Can DFC oompile ONNX model trained with QAT from pytorch

Now I succeed to compile our own yolov5m model trained in pytorch to hef, but the detection accuracy is lower than the tensorRT engine. To improve the accuracy, can we compile the model with onnx model trained with QAT from pyTorch? Is there any instruction and sample?

Thanks a lot.

Hi @dliu,

The QAT would need to be performed as part of Hailo’s conversion process. You can read more about Hailo’s QAT here.

It is important to note that this is a fairly preview feature and is still limited in usage.

Thank you Marinavb, I read the document, and found one line “Currently, Hailo QAT only supports Keras”. So, I cannot use QAT with pyTorch.

Do you know any plan for Hailo to support QAT with pyTorch?

Thanks,
Dan

That will only have a negative impact if your model has operations unsupported on the device that are hard to implement in Keras. Is that the case?

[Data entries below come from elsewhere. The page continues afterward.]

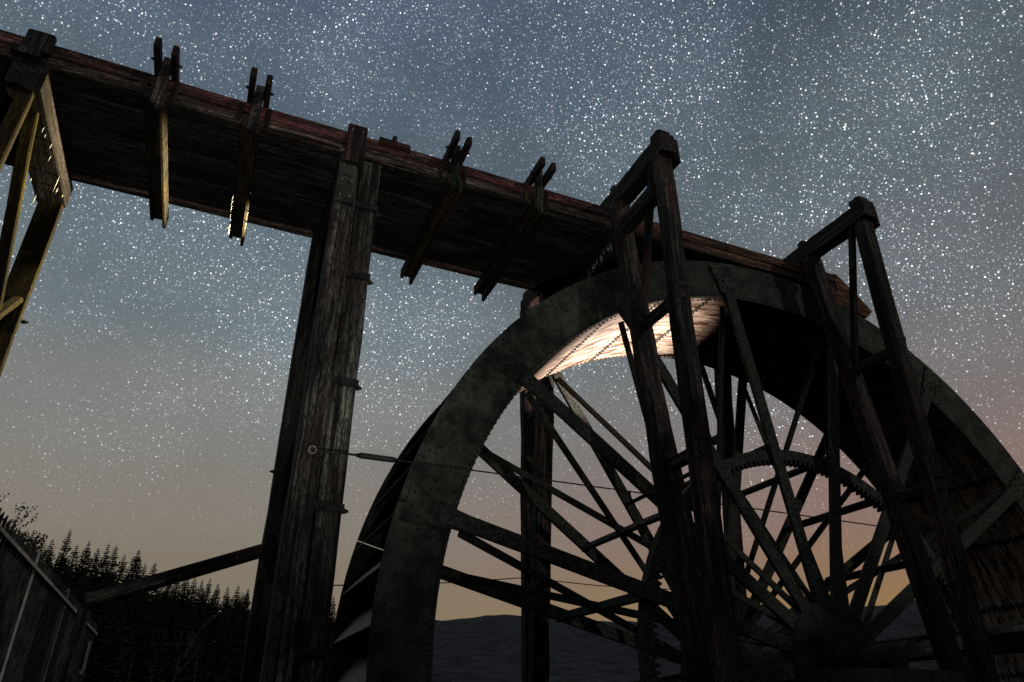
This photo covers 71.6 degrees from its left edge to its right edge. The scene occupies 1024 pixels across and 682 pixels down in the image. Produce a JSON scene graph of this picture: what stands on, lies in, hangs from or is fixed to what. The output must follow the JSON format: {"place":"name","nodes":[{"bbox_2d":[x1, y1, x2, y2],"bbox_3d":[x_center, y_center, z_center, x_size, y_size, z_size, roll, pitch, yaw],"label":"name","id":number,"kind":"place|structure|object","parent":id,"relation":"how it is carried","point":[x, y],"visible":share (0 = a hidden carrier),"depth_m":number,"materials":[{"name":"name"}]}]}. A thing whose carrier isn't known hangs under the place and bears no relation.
{"place":"outdoors","nodes":[
{"label":"outdoors","id":0,"kind":"place"},
{"bbox_2d":[0,0,1023,621],"label":"sky","id":1,"kind":"structure","parent":0,"point":[143,388],"materials":[{"name":"blue"}]},
{"bbox_2d":[157,600,965,681],"bbox_3d":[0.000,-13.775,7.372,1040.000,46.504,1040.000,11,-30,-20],"label":"hillside","id":2,"kind":"structure","parent":0,"point":[486,648],"depth_m":108.06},
{"bbox_2d":[27,530,34,548],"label":"conifer","id":3,"kind":"object","parent":2,"relation":"on","point":[31,537],"visible":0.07,"depth_m":85.11,"materials":[{"name":"plant"}]},
{"bbox_2d":[37,538,48,565],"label":"conifer","id":4,"kind":"object","parent":2,"relation":"on","point":[41,550],"visible":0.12,"depth_m":78.57,"materials":[{"name":"plant"}]},
{"bbox_2d":[43,540,55,570],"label":"conifer","id":5,"kind":"object","parent":2,"relation":"on","point":[49,558],"visible":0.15,"depth_m":86.59,"materials":[{"name":"plant"}]},
{"bbox_2d":[52,527,71,576],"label":"conifer","id":6,"kind":"object","parent":2,"relation":"on","point":[61,558],"visible":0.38,"depth_m":89.59,"materials":[{"name":"plant"}]},
{"bbox_2d":[57,558,66,582],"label":"conifer","id":7,"kind":"object","parent":2,"relation":"on","point":[61,575],"visible":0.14,"depth_m":79.88,"materials":[{"name":"plant"}]},
{"bbox_2d":[56,545,80,591],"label":"conifer","id":8,"kind":"object","parent":2,"relation":"on","point":[70,561],"visible":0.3,"depth_m":87.37,"materials":[{"name":"plant"}]},
{"bbox_2d":[63,563,74,593],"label":"conifer","id":9,"kind":"object","parent":2,"relation":"on","point":[70,584],"visible":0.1,"depth_m":80.79,"materials":[{"name":"plant"}]},
{"bbox_2d":[71,541,90,589],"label":"conifer","id":10,"kind":"object","parent":2,"relation":"on","point":[84,561],"visible":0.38,"depth_m":87.97,"materials":[{"name":"plant"}]},
{"bbox_2d":[82,548,100,583],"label":"conifer","id":11,"kind":"object","parent":2,"relation":"on","point":[90,570],"visible":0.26,"depth_m":89.05,"materials":[{"name":"plant"}]},
{"bbox_2d":[86,542,110,590],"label":"conifer","id":12,"kind":"object","parent":2,"relation":"on","point":[96,579],"visible":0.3,"depth_m":83.22,"materials":[{"name":"plant"}]},
{"bbox_2d":[102,571,112,606],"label":"conifer","id":13,"kind":"object","parent":2,"relation":"on","point":[108,579],"visible":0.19,"depth_m":82.28,"materials":[{"name":"green plant"}]},
{"bbox_2d":[102,546,118,586],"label":"conifer","id":14,"kind":"object","parent":2,"relation":"on","point":[112,564],"visible":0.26,"depth_m":91.19,"materials":[{"name":"plant"}]},
{"bbox_2d":[110,553,128,605],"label":"conifer","id":15,"kind":"object","parent":2,"relation":"on","point":[118,577],"visible":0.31,"depth_m":89.36,"materials":[{"name":"plant"}]},
{"bbox_2d":[117,563,147,618],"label":"conifer","id":16,"kind":"object","parent":2,"relation":"on","point":[139,576],"visible":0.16,"depth_m":79.23,"materials":[{"name":"green plant"}]},
{"bbox_2d":[123,548,142,602],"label":"conifer","id":17,"kind":"object","parent":2,"relation":"on","point":[136,562],"visible":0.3,"depth_m":95.04,"materials":[{"name":"plant"}]},
{"bbox_2d":[129,561,162,615],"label":"conifer","id":18,"kind":"object","parent":2,"relation":"on","point":[152,599],"visible":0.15,"depth_m":78.66,"materials":[{"name":"plant"}]},
{"bbox_2d":[149,570,164,605],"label":"conifer","id":19,"kind":"object","parent":2,"relation":"on","point":[159,592],"visible":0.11,"depth_m":95.55,"materials":[{"name":"plant"}]},
{"bbox_2d":[156,587,169,613],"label":"conifer","id":20,"kind":"object","parent":2,"relation":"on","point":[164,598],"visible":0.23,"depth_m":81.19,"materials":[{"name":"green plant"}]},
{"bbox_2d":[160,585,172,611],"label":"conifer","id":21,"kind":"object","parent":2,"relation":"on","point":[169,588],"visible":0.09,"depth_m":89.25,"materials":[{"name":"green plant"}]},
{"bbox_2d":[168,591,175,616],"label":"conifer","id":22,"kind":"object","parent":2,"relation":"on","point":[173,600],"visible":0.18,"depth_m":79.93,"materials":[{"name":"green plant"}]},
{"bbox_2d":[171,583,180,601],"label":"conifer","id":23,"kind":"object","parent":2,"relation":"on","point":[174,588],"visible":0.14,"depth_m":96.03,"materials":[{"name":"green plant"}]},
{"bbox_2d":[158,595,197,681],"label":"conifer","id":24,"kind":"object","parent":2,"relation":"on","point":[172,655],"visible":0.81,"depth_m":64.44,"materials":[{"name":"green plant"}]},
{"bbox_2d":[171,580,191,618],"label":"conifer","id":25,"kind":"object","parent":2,"relation":"on","point":[182,594],"visible":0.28,"depth_m":90.71,"materials":[{"name":"green plant"}]},
{"bbox_2d":[187,577,199,605],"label":"conifer","id":26,"kind":"object","parent":2,"relation":"on","point":[194,591],"visible":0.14,"depth_m":92.79,"materials":[{"name":"green plant"}]},
{"bbox_2d":[192,580,202,610],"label":"conifer","id":27,"kind":"object","parent":2,"relation":"on","point":[198,596],"visible":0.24,"depth_m":82.31,"materials":[{"name":"green plant"}]},
{"bbox_2d":[192,588,206,632],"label":"conifer","id":28,"kind":"object","parent":2,"relation":"on","point":[200,615],"visible":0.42,"depth_m":80.57,"materials":[{"name":"green plant"}]},
{"bbox_2d":[196,594,218,642],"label":"conifer","id":29,"kind":"object","parent":2,"relation":"on","point":[214,621],"visible":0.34,"depth_m":78.33,"materials":[{"name":"green plant"}]},
{"bbox_2d":[203,577,211,614],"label":"conifer","id":30,"kind":"object","parent":2,"relation":"on","point":[208,591],"visible":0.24,"depth_m":87.46,"materials":[{"name":"green plant"}]},
{"bbox_2d":[210,582,220,618],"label":"conifer","id":31,"kind":"object","parent":2,"relation":"on","point":[217,590],"visible":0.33,"depth_m":95.70,"materials":[{"name":"green plant"}]},
{"bbox_2d":[217,585,228,618],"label":"conifer","id":32,"kind":"object","parent":2,"relation":"on","point":[222,603],"visible":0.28,"depth_m":88.40,"materials":[{"name":"green plant"}]},
{"bbox_2d":[215,596,230,630],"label":"conifer","id":33,"kind":"object","parent":2,"relation":"on","point":[219,619],"visible":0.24,"depth_m":79.69,"materials":[{"name":"green plant"}]},
{"bbox_2d":[213,599,232,639],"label":"conifer","id":34,"kind":"object","parent":2,"relation":"on","point":[222,615],"visible":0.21,"depth_m":79.49,"materials":[{"name":"green plant"}]},
{"bbox_2d":[229,596,241,640],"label":"conifer","id":35,"kind":"object","parent":2,"relation":"on","point":[235,607],"visible":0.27,"depth_m":78.88,"materials":[{"name":"green plant"}]},
{"bbox_2d":[229,586,243,615],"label":"conifer","id":36,"kind":"object","parent":2,"relation":"on","point":[235,597],"visible":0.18,"depth_m":87.86,"materials":[{"name":"green plant"}]},
{"bbox_2d":[237,591,250,629],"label":"conifer","id":37,"kind":"object","parent":2,"relation":"on","point":[244,603],"visible":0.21,"depth_m":84.41,"materials":[{"name":"green plant"}]},
{"bbox_2d":[326,597,336,647],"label":"conifer","id":38,"kind":"object","parent":2,"relation":"on","point":[332,619],"visible":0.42,"depth_m":93.38,"materials":[{"name":"green plant"}]},
{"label":"ground","id":39,"kind":"structure","parent":0,"visible":0},
{"bbox_2d":[0,493,55,575],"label":"broadleaf tree","id":40,"kind":"object","parent":39,"relation":"on","point":[35,543],"visible":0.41,"depth_m":16.40,"materials":[{"name":"green plant"}]},
{"bbox_2d":[0,28,72,375],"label":"trough trestle","id":41,"kind":"object","parent":39,"relation":"on","point":[32,111],"visible":0.99,"depth_m":7.48,"materials":[{"name":"wood"}]},
{"bbox_2d":[0,507,97,681],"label":"palisade fence","id":42,"kind":"object","parent":39,"relation":"on","point":[44,652],"visible":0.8,"depth_m":8.34,"materials":[{"name":"wood"}]},
{"bbox_2d":[79,641,91,674],"bbox_3d":[-7.853,5.811,13.053,0.050,0.571,0.470,11,-30,-20],"label":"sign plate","id":43,"kind":"object","parent":42,"relation":"attached to","point":[85,658],"visible":1,"depth_m":13.00,"materials":[{"name":"metal"}]},
{"bbox_2d":[127,650,134,681],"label":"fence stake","id":44,"kind":"object","parent":39,"relation":"on","point":[131,665],"visible":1,"depth_m":12.95,"materials":[{"name":"wood"}]},
{"bbox_2d":[172,613,217,681],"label":"sapling","id":45,"kind":"object","parent":39,"relation":"on","point":[187,658],"visible":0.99,"depth_m":19.32,"materials":[{"name":"green plant"}]},
{"bbox_2d":[58,123,380,681],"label":"trough trestle","id":46,"kind":"object","parent":39,"relation":"on","point":[294,552],"visible":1,"depth_m":7.04,"materials":[{"name":"brown wood"}]},
{"bbox_2d":[334,577,669,589],"bbox_3d":[0.123,3.325,9.454,6.998,0.553,0.559,16,-32,-28],"label":"overhead wire","id":47,"kind":"object","parent":46,"relation":"attached to","point":[522,577],"visible":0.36,"depth_m":10.05,"materials":[{"name":"metal"}]},
{"bbox_2d":[308,445,890,527],"bbox_3d":[1.528,1.687,7.695,7.344,0.180,0.063,11,-30,-20],"label":"steel tie","id":48,"kind":"object","parent":46,"relation":"attached to","point":[375,457],"visible":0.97,"depth_m":7.03,"materials":[{"name":"metal"}]},
{"bbox_2d":[520,129,744,681],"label":"wheel gantry","id":49,"kind":"object","parent":39,"relation":"on","point":[711,651],"visible":0.73,"depth_m":7.74,"materials":[{"name":"wood"}]},
{"bbox_2d":[0,29,871,317],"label":"timber launder","id":50,"kind":"object","parent":49,"relation":"on","point":[160,139],"visible":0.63,"depth_m":8.77,"materials":[{"name":"wood"}]},
{"bbox_2d":[700,196,1000,681],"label":"wheel gantry","id":51,"kind":"object","parent":39,"relation":"on","point":[858,220],"visible":0.56,"depth_m":8.62,"materials":[{"name":"wood"}]},
{"bbox_2d":[812,667,966,681],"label":"bearing pier","id":52,"kind":"structure","parent":39,"relation":"on","point":[862,674],"depth_m":6.81,"materials":[{"name":"stone"}]},
{"bbox_2d":[327,260,1023,681],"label":"water wheel","id":53,"kind":"object","parent":52,"relation":"on","point":[761,332],"visible":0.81,"depth_m":8.58,"materials":[{"name":"brown wood"}]},
{"bbox_2d":[909,630,1023,661],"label":"timber rail","id":54,"kind":"object","parent":39,"relation":"on","point":[1008,642],"visible":0.13,"depth_m":8.52,"materials":[{"name":"brown wood"}]}
]}

Yes, but it won’t be added in the near releases.

I’m sorry that I don’t have any experience on TensorFlow and Keras. I started to study on it. Maybe I can try to train our yolov5m model with keras and use hailo QAT.

If the model is yolov5m then indeed it is problematic to do it with Keras.

Are you facing accuracy degradation after quantization? Have you tried some other post quantization algorithms that may help?

Sorry for my late response. Yes, we get accuracy degradation after quantization. We have succeed to compile our yolov5m model ( we modified with some new categories) from onnx to hef. But when we compare the accuracy from tensorRT, we found it drops obviously. I’m trying to find a way to improve the accuracy at least to tensorRT (without QAT) level. So, if you think it is problematic to do even with Keras for yolov5m, do you have other advice I can try?

A few things that could help:

  1. Use the same model script used in the model zoo
  2. Ensure the calibset is a good representation of the inference dataset
  3. Go through the accuracy debugging flow in our guide.